Week 5

Author

Yasiru Dilshan

Week 5

library(ggplot2)
ggplot(iris, aes(x = Species, y = Sepal.Length, color = Species)) +   geom_boxplot() +   labs(x = "Species", y = "Sepal Length") +   theme_minimal()

Explanation

ANOVA Test is best for this.

because

  • ANOVA is designed to compare means across multiple groups

  • It’s a parametric test, which is appropriate for normally distributed data.

  • A one-way ANOVA appears to be an appropriate statistical test to compare the “Sepal Length” means among the three species, according to the boxplot. Before beginning the analysis, it is crucial to confirm the assumptions of equal variances and normalcy.

library(ggplot2)
data("iris") 
ggplot(iris, aes(x = Petal.Length, fill = Species)) +   geom_density(alpha = 0.5) +   labs(title = "Density Plot of Petal Length by Species",        x = "Petal Length",        y = "Density")

Explanation

The main purpose of density charts is to show how a continuous variable is distributed. They can offer information that helps choose the right statistical tests, even though they don’t do statistical tests themselves. These are some typical situations and the exams that go along with them. The main purpose of density charts is to show how a continuous variable is distributed.

Tests

  • Normality Assessment - Shapiro-Wilk test

    Reason - Parametric tests such as ANOVA or t-tests can be applied if the density plot looks like a bell curve, which is a representation of a normal distribution. Non-parametric tests like the Mann-Whitney U test or the Kruskal-Wallis test may be more suitable if it is highly skewed or contains several peaks.
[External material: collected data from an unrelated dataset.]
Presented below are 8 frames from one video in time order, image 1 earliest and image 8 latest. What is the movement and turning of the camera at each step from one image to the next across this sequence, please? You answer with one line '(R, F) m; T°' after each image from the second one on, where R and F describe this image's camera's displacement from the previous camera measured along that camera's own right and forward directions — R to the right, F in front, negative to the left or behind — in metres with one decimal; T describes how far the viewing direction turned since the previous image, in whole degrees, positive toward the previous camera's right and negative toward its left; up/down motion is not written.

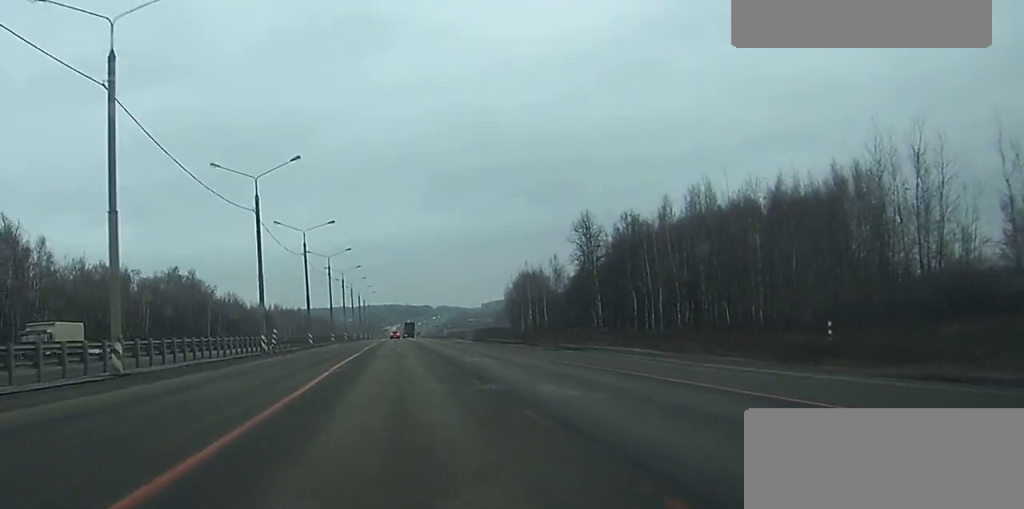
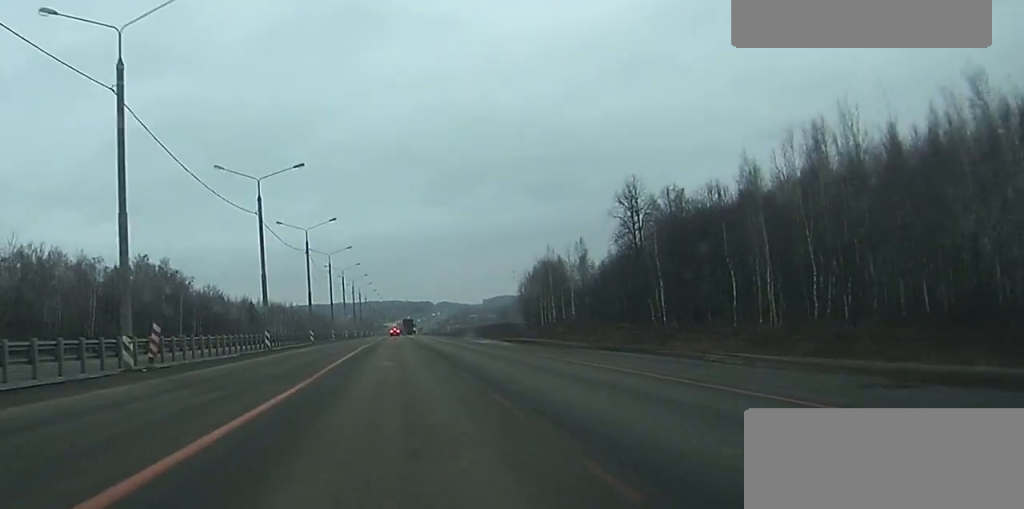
(0.0, +30.1) m; 0°
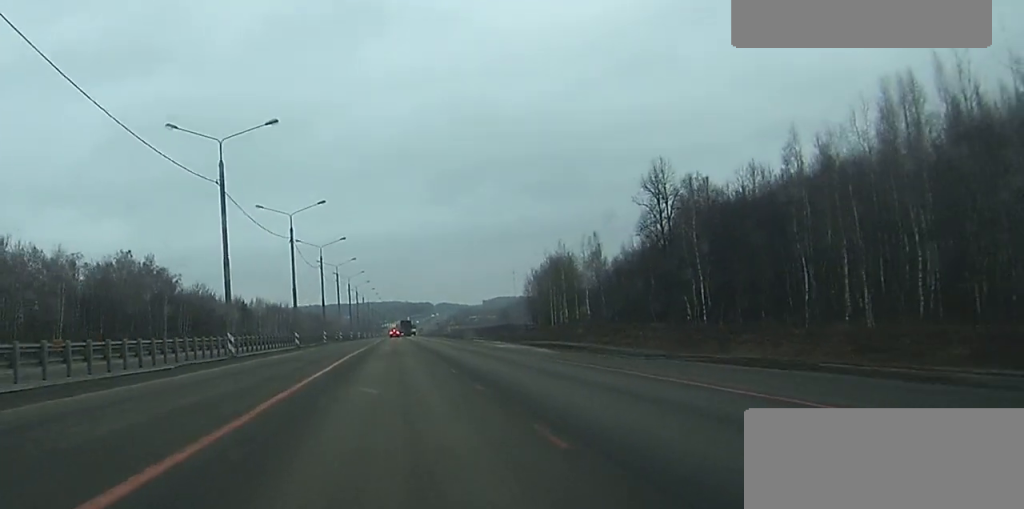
(0.0, +13.2) m; 0°
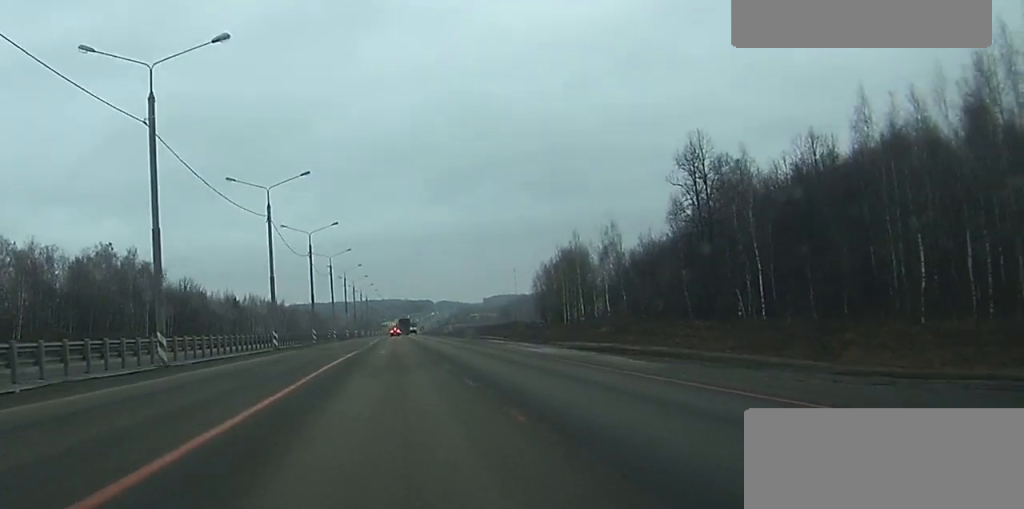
(0.0, +14.1) m; 0°
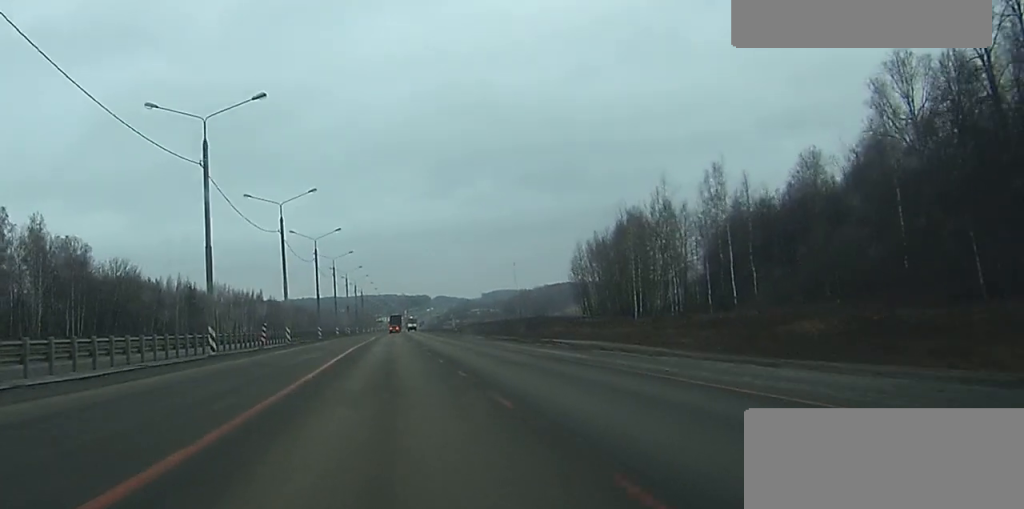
(0.0, +52.9) m; 0°
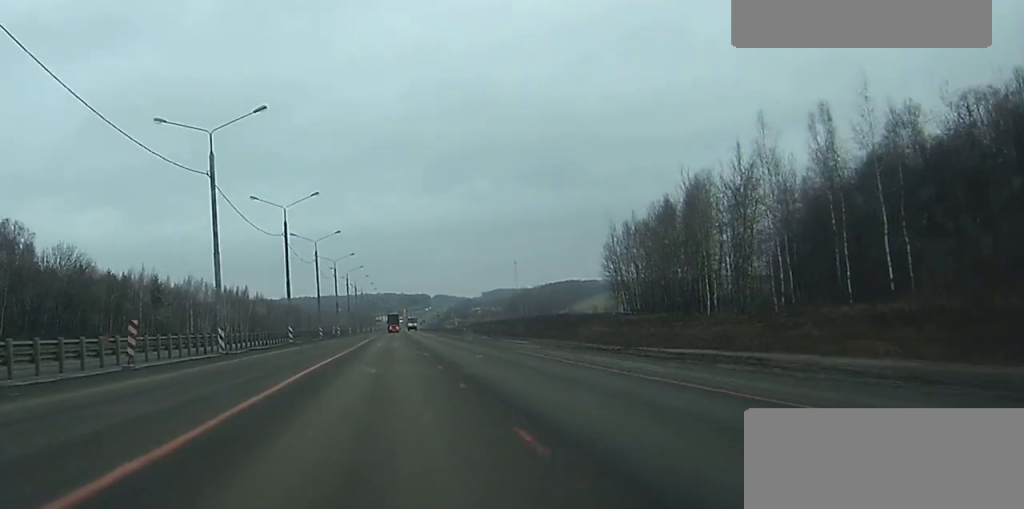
(0.0, +29.0) m; 0°
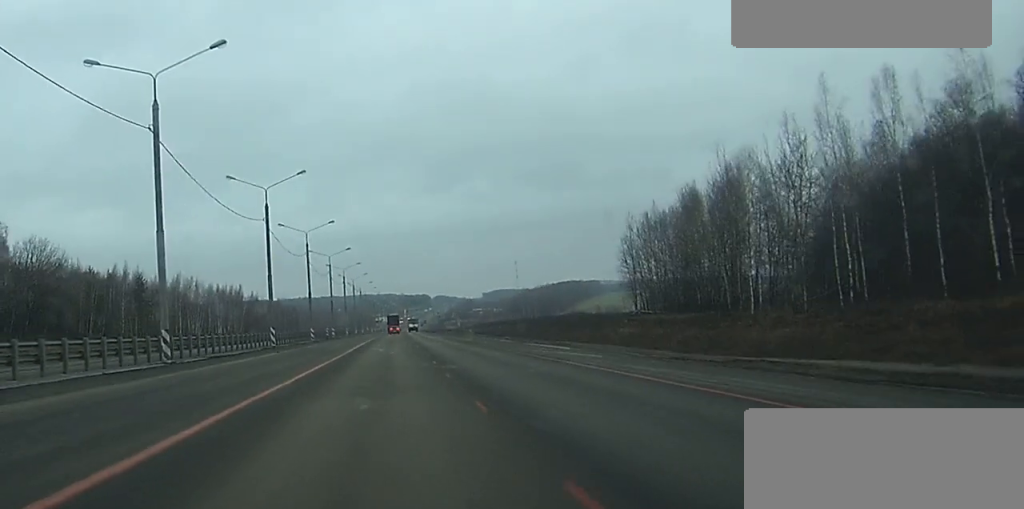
(0.0, +11.6) m; 0°
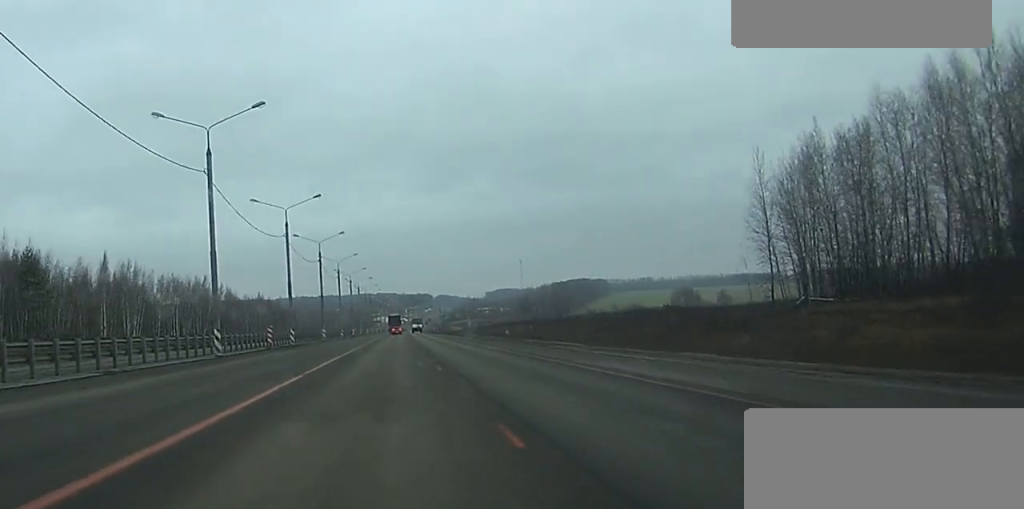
(+0.1, +52.8) m; 0°
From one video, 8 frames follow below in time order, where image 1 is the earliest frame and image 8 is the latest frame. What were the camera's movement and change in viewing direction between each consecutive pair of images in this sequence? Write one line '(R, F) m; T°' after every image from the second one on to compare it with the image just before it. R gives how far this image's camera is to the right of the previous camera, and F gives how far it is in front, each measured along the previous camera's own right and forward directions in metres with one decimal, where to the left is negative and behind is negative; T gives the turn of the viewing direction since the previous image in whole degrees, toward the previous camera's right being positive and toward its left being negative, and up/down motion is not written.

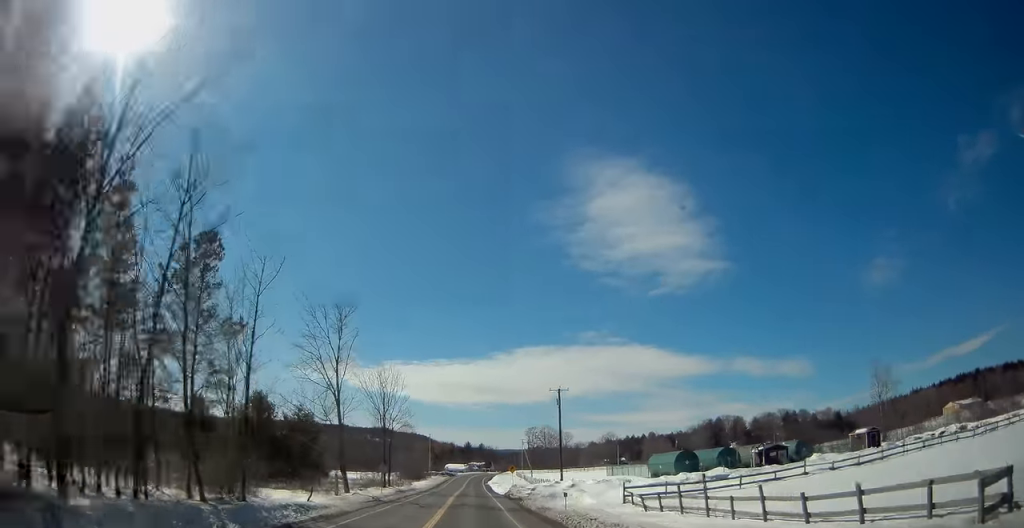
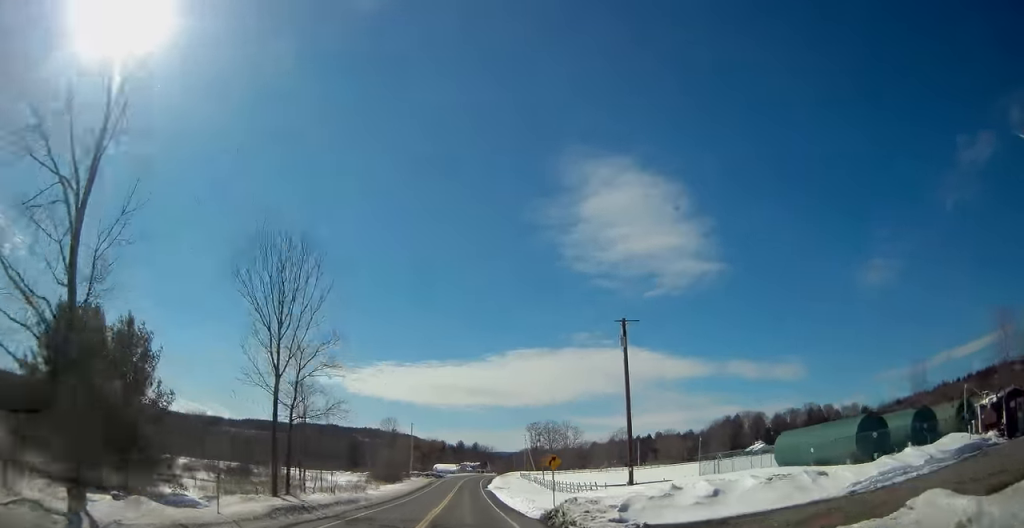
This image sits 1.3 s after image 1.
(+0.1, +32.9) m; +1°
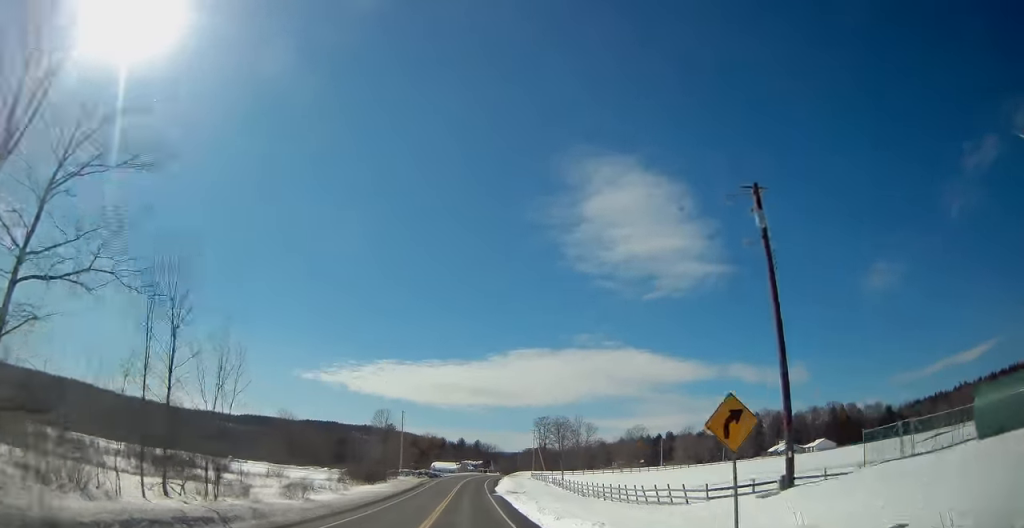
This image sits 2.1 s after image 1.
(+0.1, +20.1) m; 0°
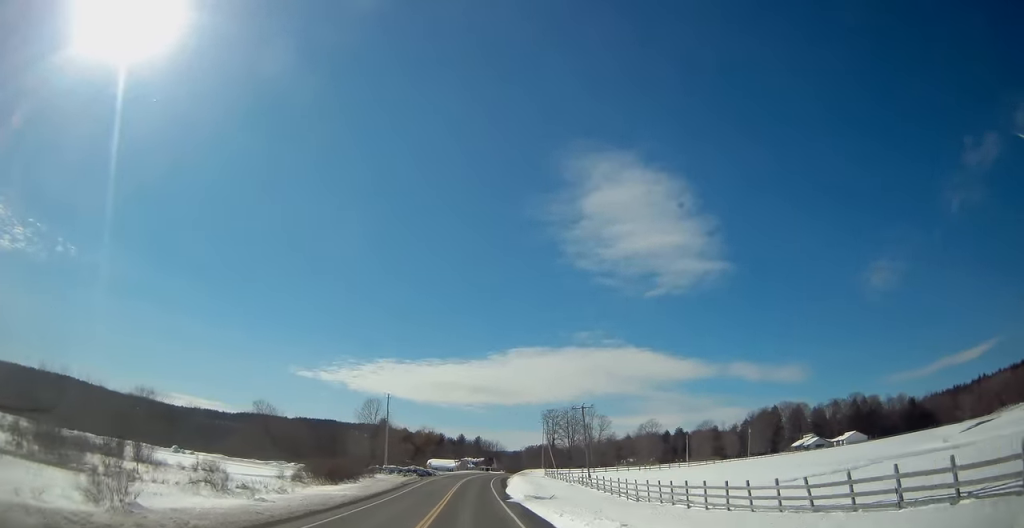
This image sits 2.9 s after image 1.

  • Correlation analysis - We can plot the density plots of two variables together to determine whether they are connected. The shapes may indicate a correlation if they are complementary or comparable. We can plot the density plots of two variables together to determine whether they are connected. The shapes may indicate a correlation if they are complementary or comparable.

library(ggplot2) 
data("iris") 
ggplot(iris, aes(x = Petal.Length, y = Petal.Width, color = Species, shape = Species)) +   geom_point() +   geom_smooth(method = "lm", se = FALSE) +   labs(title = "Scatter Plot of Petal Length vs. Petal Width by Species",        x = "Petal Length",        y = "Petal Width")
`geom_smooth()` using formula = 'y ~ x'

Explanation

A linear regression analysis would be suitable to model the relationship between Petal.Length and Petal.Width for each species.

Linear regression is used to model linear relationships between variables.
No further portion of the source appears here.